I also assume the Elves were a little too much in awe of the Valar to just ask them "Hey, go back and fetch the rest of us, can't you?" until after many years in Valinor...


Part 96: Rescue party



Next time: Part 97: Last sailing.

Chibis by tektek.org
Original story by and copyright to J R R Tolkien, ed. C Tolkien: Primarily based on the Silmarillion, but incorporating ideas from the 12-volume History of Middle Earth series.
Questions and comments welcome!

Comments

Posted by: L'Ignota (lignota)
Posted at: 27th January 2014 23:04 (UTC)
tolkien

Hmm. Indis says "I didn't think anybody could become sick here," but the Elves can't get sick at all, can they?

Oh, and if the Elves were having children before they went to Valinor (as the first three couples gave birth to Ingwe, etc. in this version) would they still be confused by pregnancy?

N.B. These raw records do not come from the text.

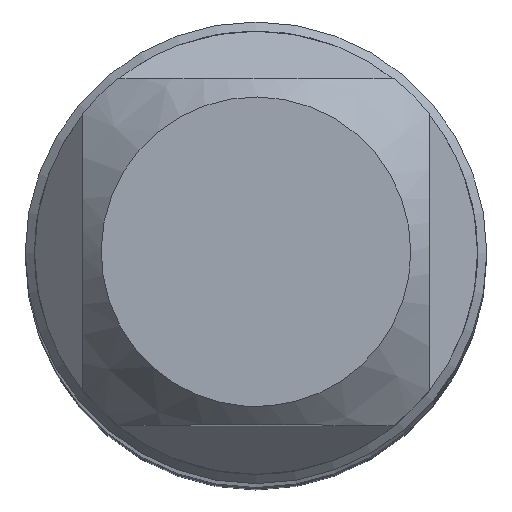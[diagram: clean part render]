
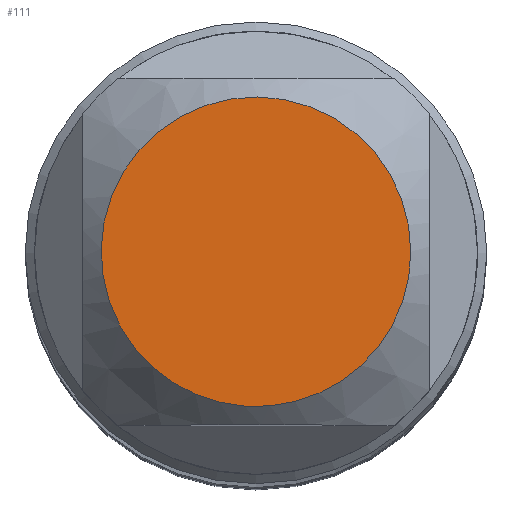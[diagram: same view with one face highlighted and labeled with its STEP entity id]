
A CAD part, top view. The second image highlights one B-rep face of the part: STEP entity #111.
In plain terms, the highlighted planar face has unit normal (0, 0, 1).
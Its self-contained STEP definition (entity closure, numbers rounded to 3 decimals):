
#42=PLANE('',#433);
#54=FACE_OUTER_BOUND('',#176,.T.);
#111=ADVANCED_FACE('',(#54),#42,.F.);
#176=EDGE_LOOP('',(#236));
#236=ORIENTED_EDGE('',*,*,#304,.T.);
#274=VERTEX_POINT('',#599);
#304=EDGE_CURVE('',#274,#274,#342,.T.);
#342=CIRCLE('',#409,3.245);
#409=AXIS2_PLACEMENT_3D('',#598,#467,#468);
#433=AXIS2_PLACEMENT_3D('',#678,#523,#524);
#467=DIRECTION('',(0.,0.,1.));
#468=DIRECTION('',(1.,0.,0.));
#523=DIRECTION('',(0.,0.,-1.));
#524=DIRECTION('',(-1.,0.,0.));
#598=CARTESIAN_POINT('',(0.,0.,0.));
#599=CARTESIAN_POINT('',(3.245,0.,0.));
#678=CARTESIAN_POINT('',(5.039,0.,0.));

I can see how the Valar might be confused, if they haven't been paying close attention to what animals do or if they expect the Children of Iluvatar to be different. Presumably Yavanna at least understands that living things reproduce, even if the Valar haven't personally seen pregnant or baby Elves yet . . .

Edited at 2014-01-27 23:09 (UTC)

Posted by: StephenT (stormwreath)
Posted at: 28th January 2014 00:19 (UTC)

Darn it, you saw through my subtle hints about what's happening to Míriel! ;)


Actually, in one version of the story (in HoME), Fëanor was the first baby ever born. Ever.

However, that didn't fit with the alternative idea of the Elves growing from the original 144 to three mighty hosts before they ever left Cuiviénen - so I'm going with the alternative idea that he was the first baby to be conceived and born in Valinor under the light of the Trees. Still impressive enough.

It's possible the Elves are confused because in Valinor, a pregnancy will last 1,296 months (nine times 144). Or not, depending on how you think the Valinor Time Distortion Effect works. ;)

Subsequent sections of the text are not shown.